The current deterministic required checks on `main` are the branch-protection
contexts exposed by the canonical GitHub repository:

- `baseline`
- `extras-ai-mcp`
- `extras-dashboard`
- `extras-carve-protobuf`
- `repo-hygiene`
- `local-guardrails`
- `open-source-boundary`

Only `baseline` is the merge-critical first-success lane. The remaining
required-check compatibility contexts stay split so the repository can keep the
current GitHub branch-protection names stable without pretending optional
surfaces are part of the baseline smoke contract.

CodeQL is still part of the repository's security posture, but it remains a
non-required analysis lane in the current branch-protection contract. Keep it
SHA-pinned and visible on pushes and pull requests, but do not treat it as the
default merge gate unless the maintainers explicitly tighten that policy later.

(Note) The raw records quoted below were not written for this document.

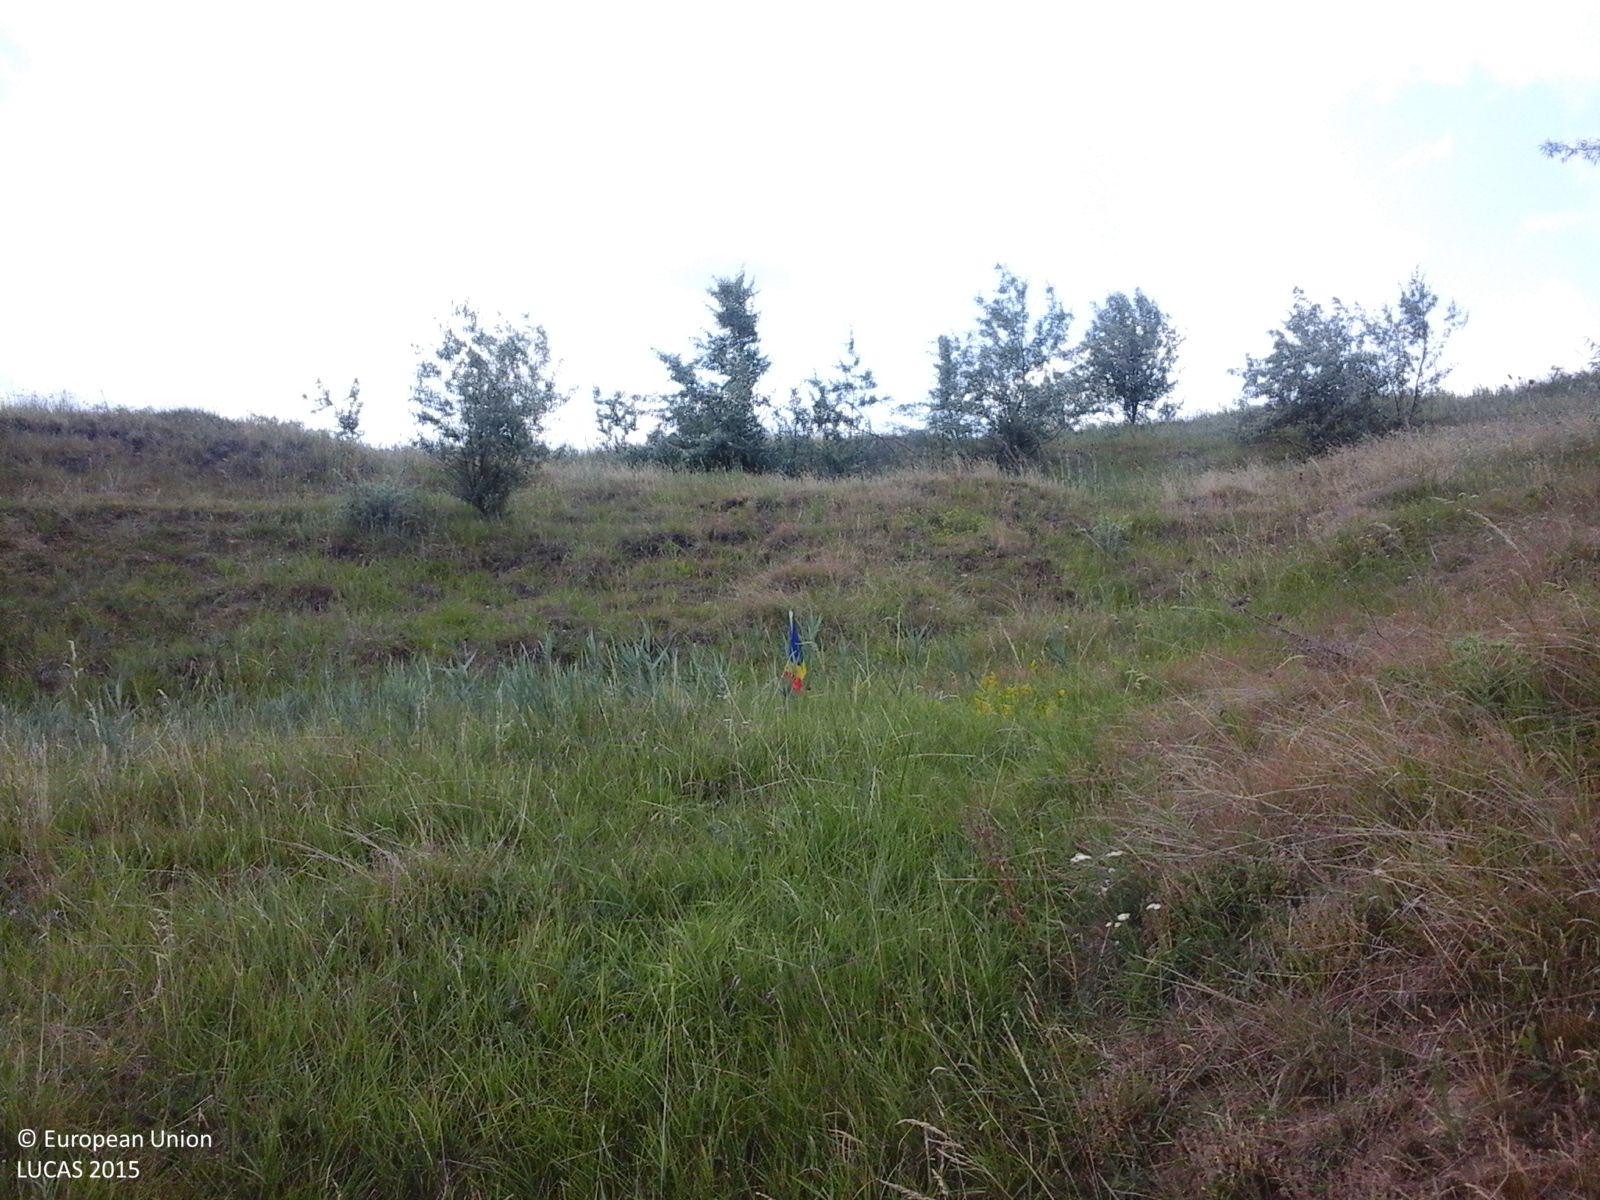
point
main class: Grassland
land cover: Grassland with sparse tree/shrub cover
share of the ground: > 75 %
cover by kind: herbaceous plants 90 %, broadleaved forest trees 5 %, shrubs 5 %
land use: Agriculture (excluding fallow land and kitchen gardens)
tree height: < 5 m
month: June
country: RO
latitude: 47.6712
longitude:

## GitHub Settings Checklist

These checks live partly outside the tracked tree, so keep them in a maintainer
checklist instead of pretending they are repo-side facts:

- Verify that the current Topics list still matches the repository positioning
- Upload and re-check the custom social preview from the GitHub repository
  Settings UI after any `assets/social/` change. Treat REST
  `open_graph_image_url` as the custom-upload signal; the GraphQL
  `openGraphImageUrl` field can still expose a generated repository card.
- Confirm that the current release page includes the expected synthetic public
  demo asset before describing it as live

When you change release-facing or storefront-facing claims, verify the live
GitHub state first instead of trusting a local branch snapshot from memory.
Treat the canonical public truth as:

- the live `main` branch on GitHub
- the live GitHub Releases page
- the current GitHub repository settings and branch protection state

If repo-side docs disagree with the live GitHub state, update the docs in the
same change that resolves the drift. Do not leave stale release or storefront
claims behind for a later cleanup.

Lower-level release drills may still be useful:

```bash
"$HOME/.cache/codex_scans/scancode-py313/bin/scancode" \
  --license \
  --copyright \
  --classify \
  --summary \
  --strip-root \
  --ignore '.git*' \
  --ignore '.venv*' \
  --ignore '.pytest_cache*' \
  --ignore '.runtime-cache*' \
  --ignore '.cache*' \
  --ignore 'cache*' \
  --ignore 'logs*' \
  --ignore 'log*' \
  --ignore 'output*' \
  --ignore 'examples*' \
  --json-pp .runtime-cache/scancode/repo-scan.json \
  .
gh api 'repos/xiaojiou176-open/notes-recover'
gh api 'repos/xiaojiou176-open/notes-recover/branches/main/protection'
gh api 'repos/xiaojiou176-open/notes-recover/secret-scanning/alerts?per_page=100'
gh api 'repos/xiaojiou176-open/notes-recover/security-advisories?state=all'
```

## Optional Surface Boundary

The optional surface contract is intentionally narrow:

- `dashboard` and `carve` are opt-in capability areas
- `mcp` is an opt-in protocol surface
- `docker`, `sqlite_dissect`, `strings`, and `binwalk` are optional local tool
  integrations
- those tools and extras are not part of the default baseline guarantee
- treat them as opt-in integrations instead of part of the default baseline

If you add a new optional surface, add a smoke gate for it instead of silently
expanding the baseline job.

## Guidelines

- Work only on copies of Apple Notes data, never on the live original store.
- Keep changes surgical and evidence-based.
- Update `README.md`, `CONTRIBUTING.md`, `SECURITY.md`, `SUPPORT.md`,
  `AGENTS.md`, or `CLAUDE.md` when the public contract changes.
- Avoid committing local artifacts, logs, recovered data, or AI work
  directories.
- Keep `.env.example` aligned with any documented environment inputs.

## Pull Requests

- Explain the user-facing or repo-policy change.
- List the exact verification commands you ran.
- Call out validation gaps or environment-specific assumptions.
- Keep unrelated refactors out of the same PR.